Download the world_cities.csv file and place it at W03-Practice/data/world_cities.csv.

This file is available on the joelacus / world-cities repository on GitHub and there are two ways you can download it:
1. Go to that page then click on the file named world_cities.csv. Once the file opens, right-click on the “Raw” button and select “Save link as…” to save the file to your computer. Then, on Nuvolos, right-click on the data folder and select “Upload…” to upload the file.
2. Go to that page then click on the file named world_cities.csv. Once the file opens, right-click on the “Raw” button and select “Copy Link”. This will store the URL of the file in your clipboard.

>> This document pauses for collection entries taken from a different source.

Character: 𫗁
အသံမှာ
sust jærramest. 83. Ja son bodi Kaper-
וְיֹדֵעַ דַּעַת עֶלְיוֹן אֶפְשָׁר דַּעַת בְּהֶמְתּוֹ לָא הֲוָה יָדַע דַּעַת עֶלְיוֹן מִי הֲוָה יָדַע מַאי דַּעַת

If you paste this URL into the terminal, you can use your knowledge of curl (from the 💻 W02 Lab) to download the file directly to the data folder.

Click here for spoilers

cd W03-Practice/data
curl https://raw.githubusercontent.com/joelacus/world-cities/main/world_cities.csv > world_cities.csv

cd W03-Practice/data
curl -O https://raw.githubusercontent.com/joelacus/world-cities/main/world_cities.csv

The -O parameter tells curl to use the filename that comes at the end of the URL. In this case, it will download the file as world_cities.csv.

If you weren’t on Nuvolos and wanted to do the same on a Windows logo Windows machine, you could use the Invoke-WebRequest command in PowerShell to download the file.

cd W03-Practice/data
Invoke-WebRequest -Uri "https://raw.githubusercontent.com/joelacus/world-cities/main/world_cities.csv" -OutFile "world_cities.csv"

🔔 Reminder Submit your work before you proceed to the next task!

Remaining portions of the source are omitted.